# speed of SCSI-disks

## meyerm

Hi,

I've got a Compaq SP700 with an NCR U2W-SCSI controller onboard. I'm using the SYM53C8XX driver, compiled into the kernel. There are three drives inside the machine, gentoo resides on the second disk (sdc, sda is an external ZIP).

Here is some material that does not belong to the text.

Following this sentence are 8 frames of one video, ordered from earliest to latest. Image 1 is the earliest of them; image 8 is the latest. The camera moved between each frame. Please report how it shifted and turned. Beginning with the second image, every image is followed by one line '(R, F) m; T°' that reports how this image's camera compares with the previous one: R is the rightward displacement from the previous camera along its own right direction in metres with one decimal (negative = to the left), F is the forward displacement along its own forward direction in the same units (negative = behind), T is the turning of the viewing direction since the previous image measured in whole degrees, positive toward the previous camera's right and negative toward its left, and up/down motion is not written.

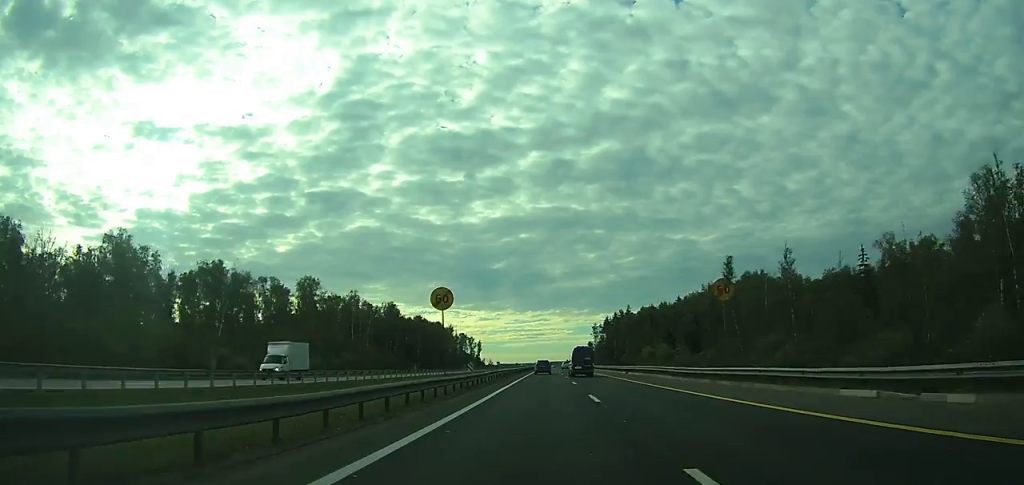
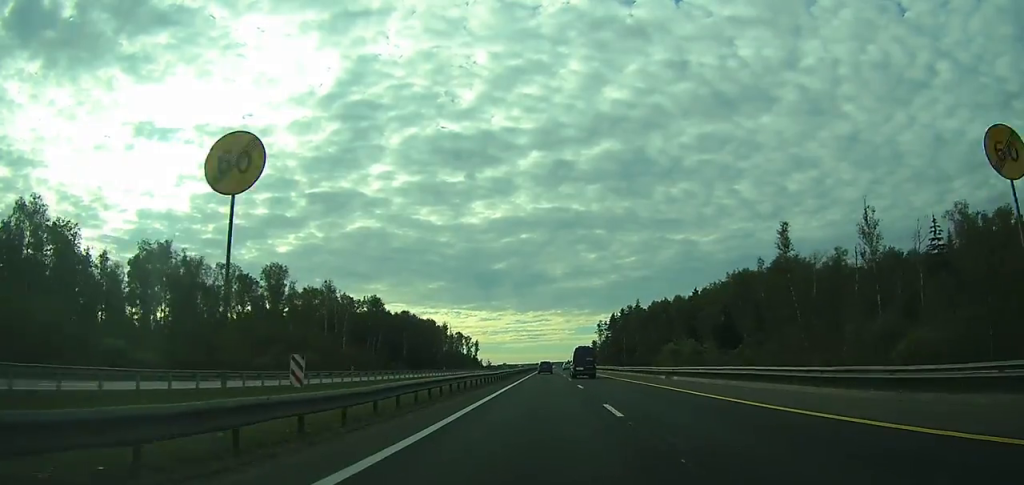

I've started some write/read tests and am now really puzzled. Can that all be? Aren't the disks a little bit slow?

```
pegasus linux # hdparm -tT /dev/sda && hdparm -tT /dev/sdb && hdparm -tT /dev/sdc && hdparm -tT /dev/sdd

/dev/sda:

 Timing buffer-cache reads:   128 MB in  0.69 seconds =185.51 MB/sec

 Timing buffered disk reads:  64 MB in 78.19 seconds =838.16 kB/sec

/dev/sdb:

 Timing buffer-cache reads:   128 MB in  0.70 seconds =182.86 MB/sec

 Timing buffered disk reads:  64 MB in  3.53 seconds = 18.13 MB/sec

/dev/sdc:

 Timing buffer-cache reads:   128 MB in  0.70 seconds =182.86 MB/sec

 Timing buffered disk reads:  64 MB in  3.32 seconds = 19.28 MB/sec

/dev/sdd:

 Timing buffer-cache reads:   128 MB in  0.71 seconds =180.28 MB/sec

 Timing buffered disk reads:  64 MB in  4.44 seconds = 14.41 MB/sec 
```

Since they are no IDE-disks I can't tweak the usual way with DMA, 32Bits and so on... I've already read a similar thread in the forum but there was no solution for SCSI.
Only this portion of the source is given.